Now let’s do the forward pass.

\[z = xw = \left[\begin{array}{cccccccccccccc} 1 & 1 & 1 & 1 & 1 & 0 & 0 & 0 & 0 & 0 & 0 & 0 & 0 & 0 \\ 0 & 1 & 0 & 0 & 1 & 1 & 1 & 1 & 0 & 0 & 0 & 0 & 0 & 0 \\ 0 & 0 & 0 & 0 & 0 & 0 & 0 & 0 & 1 & 1 & 0 & 0 & 0 & 0 \\ 0 & 2 & 0 & 0 & 0 & 0 & 0 & 1 & 0 & 0 & 1 & 1 & 1 & 1 \\ \end{array}\right]\left[\begin{array}{c} 0 \\ 0 \\ -1 \\ 0 \\ 0 \\ 0 \\ 0 \\ 1 \\ 0 \\ -1 \\ 0 \\ -1 \\ 0 \\ 0 \end{array}\right]\]\[= \left[\begin{array}{c} 1 \cdot 0 + 1 \cdot 0 + 1 \cdot (-1) + 1 \cdot 0 + 1 \cdot 0+ 1 \cdot 0 + 0 \cdot 0 + 0 \cdot 1 + 0 \cdot 0 + 0 \cdot (-1) + 0 \cdot 0 + 0 \cdot (-1) + 0 \cdot 0 + 0 \cdot 0 \\ 0 \cdot 0 + 1 \cdot 0 + 0 \cdot (-1) + 0 \cdot 0 + 1 \cdot 0+ 1 \cdot 0 + 1 \cdot 0 + 1 \cdot 1 + 0 \cdot 0 + 0 \cdot (-1) + 0 \cdot 0 + 0 \cdot (-1) + 0 \cdot 0 + 0 \cdot 0 \\ 0 \cdot 0 + 0 \cdot 0 + 0 \cdot (-1) + 0 \cdot 0 + 1 \cdot 0+ 1 \cdot 0 + 1 \cdot 0 + 0 \cdot 1 + 1 \cdot 0 + 1 \cdot (-1) + 0 \cdot 0 + 0 \cdot (-1) + 0 \cdot 0 + 0 \cdot 0 \\ 0 \cdot 0 + 2 \cdot 0 + 0 \cdot (-1) + 0 \cdot 0 + 0 \cdot 0 + 0 \cdot 0 + 0 \cdot 0 + 1 \cdot 1 + 0 \cdot 0 + 0 \cdot (-1) + 1 \cdot 0 + 1 \cdot (-1) + 1 \cdot 0 + 1 \cdot 0 \\ \end{array}\right]\] \[= \left[\begin{array}{c} -1 \\ 1 \\ -1 \\ -1 \end{array}\right]\] Our predictions are

\[\hat y = \sigma(z) = \sigma\left(\left[\begin{array}{c} -1 \\ 1 \\ -1 \\ -1 \end{array}\right]\right) = \left[\begin{array}{c} 1/(1+e) \\ 1/(1+(1/e)) \\ 1/(1+e) \\ 1/(1+e) \end{array}\right] = \left[\begin{array}{c} 0.27 \\ 0.73 \\ 0.27 \\ 0.27 \end{array}\right]\]

Summing up

This is the simplest possible setup that lets us encode documents using features that are learned from the data (not just hand-crafted). Although bag-of-words representations can work ok in some situations, there are much better ways to learn embeddings.

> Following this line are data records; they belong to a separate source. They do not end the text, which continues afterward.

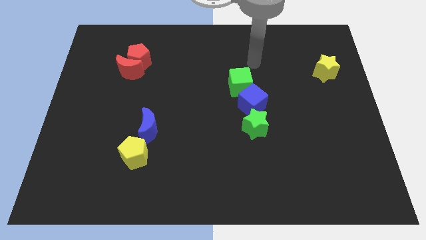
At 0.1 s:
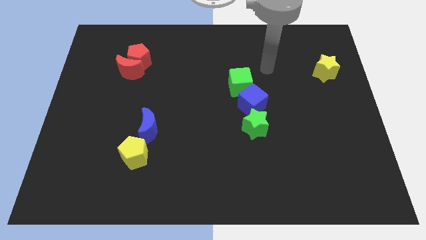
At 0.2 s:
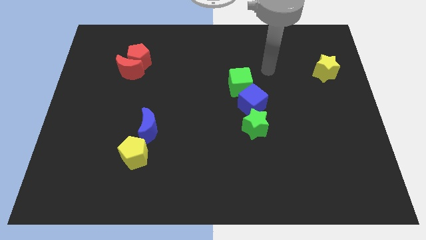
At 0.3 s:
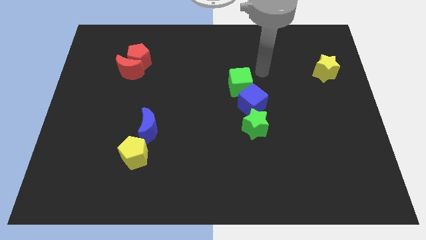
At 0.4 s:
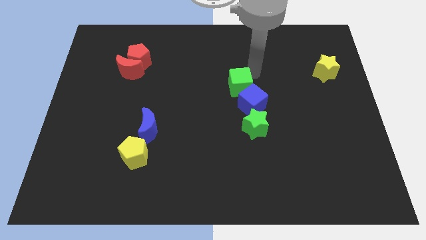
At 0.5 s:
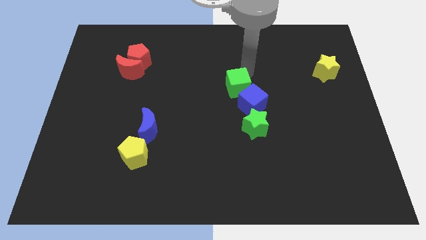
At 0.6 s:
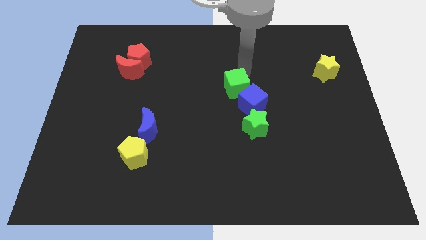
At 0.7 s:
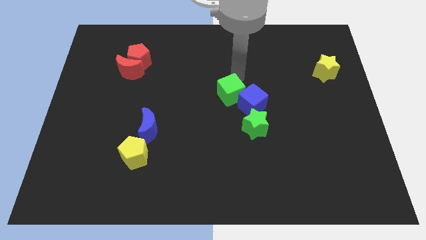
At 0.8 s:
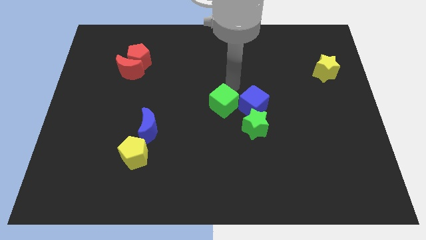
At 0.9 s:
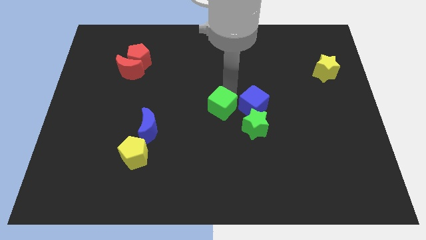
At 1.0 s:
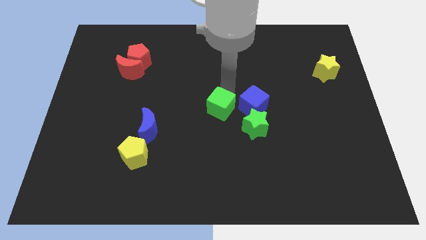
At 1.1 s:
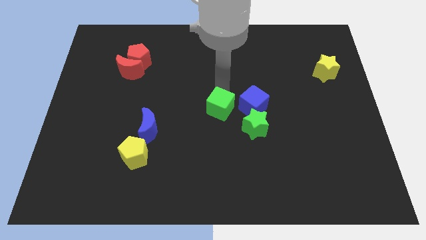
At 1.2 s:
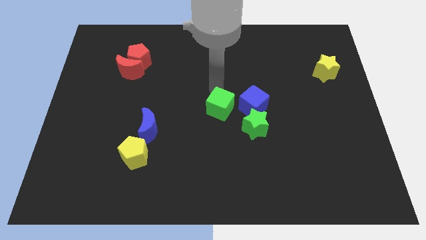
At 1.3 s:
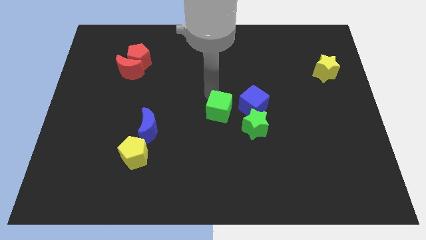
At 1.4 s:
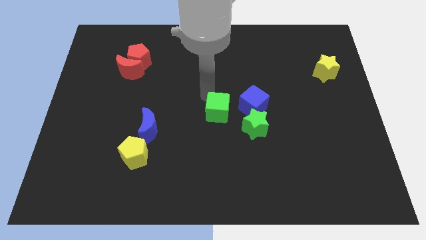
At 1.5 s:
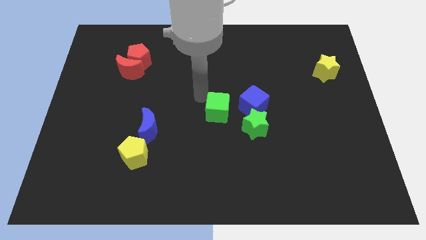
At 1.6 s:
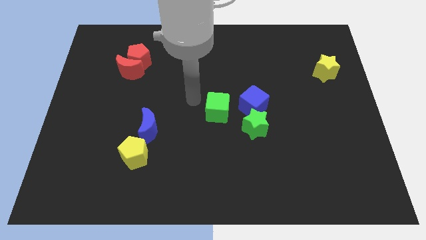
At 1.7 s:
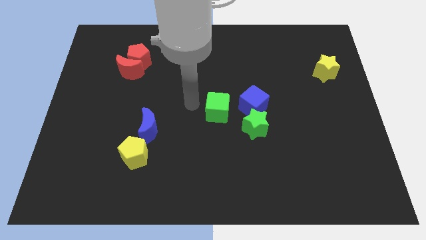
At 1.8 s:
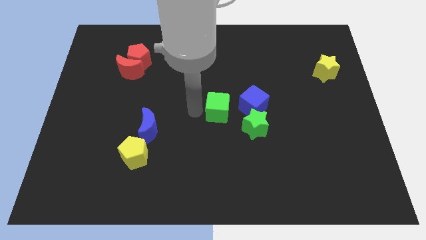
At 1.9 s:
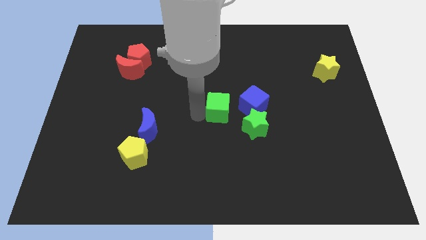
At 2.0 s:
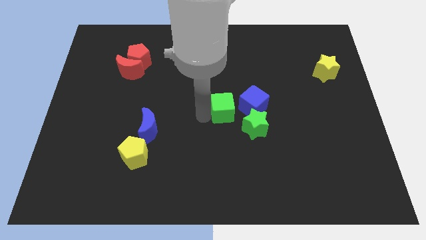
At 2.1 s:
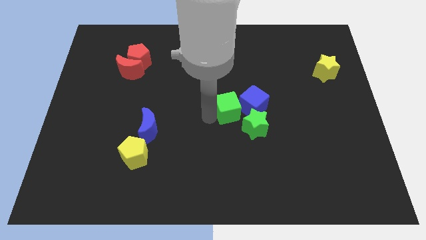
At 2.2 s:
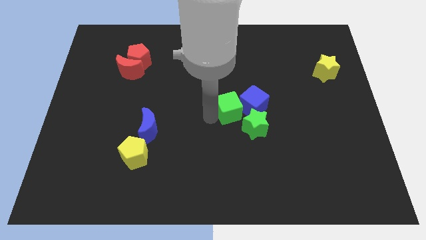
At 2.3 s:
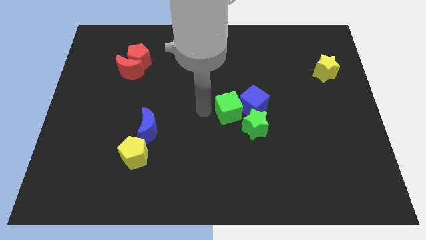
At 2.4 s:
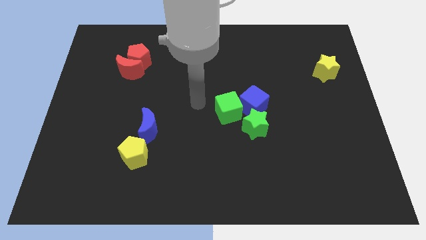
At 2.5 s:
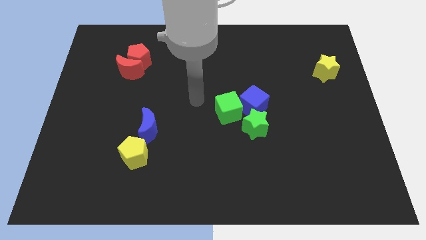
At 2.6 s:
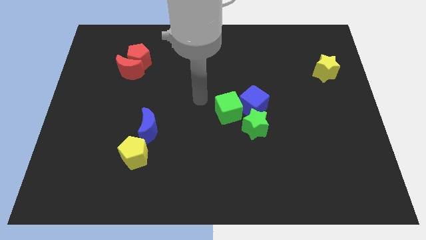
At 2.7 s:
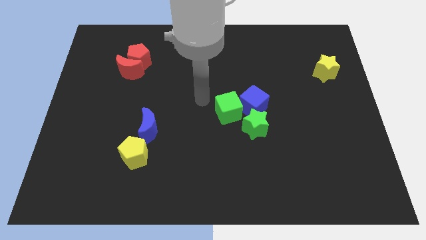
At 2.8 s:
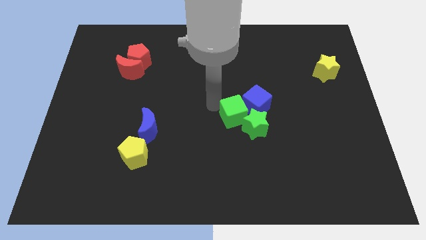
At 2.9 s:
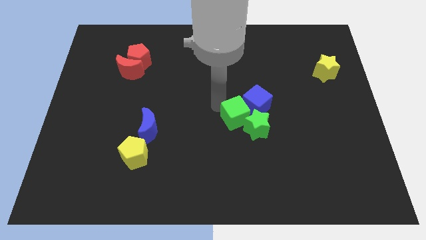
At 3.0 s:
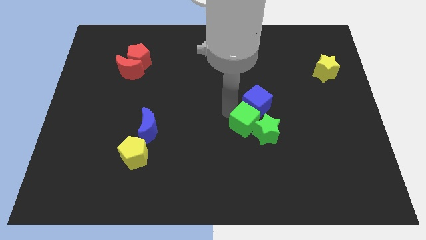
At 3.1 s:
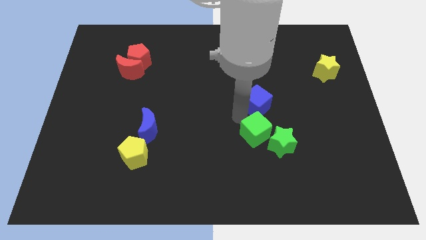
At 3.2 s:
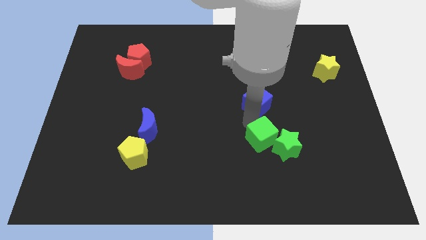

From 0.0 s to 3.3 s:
push the green cube into the green star

Next week, we’ll look an approach that is a step up from this: term frequency-inverse document frequency (tf-idf) encoding.

Later on, we’ll learn an even better method: pre-trained word embeddings (e.g. word2vec), where a specialized neural network is used to learn vector representations for every word in the vocabulary.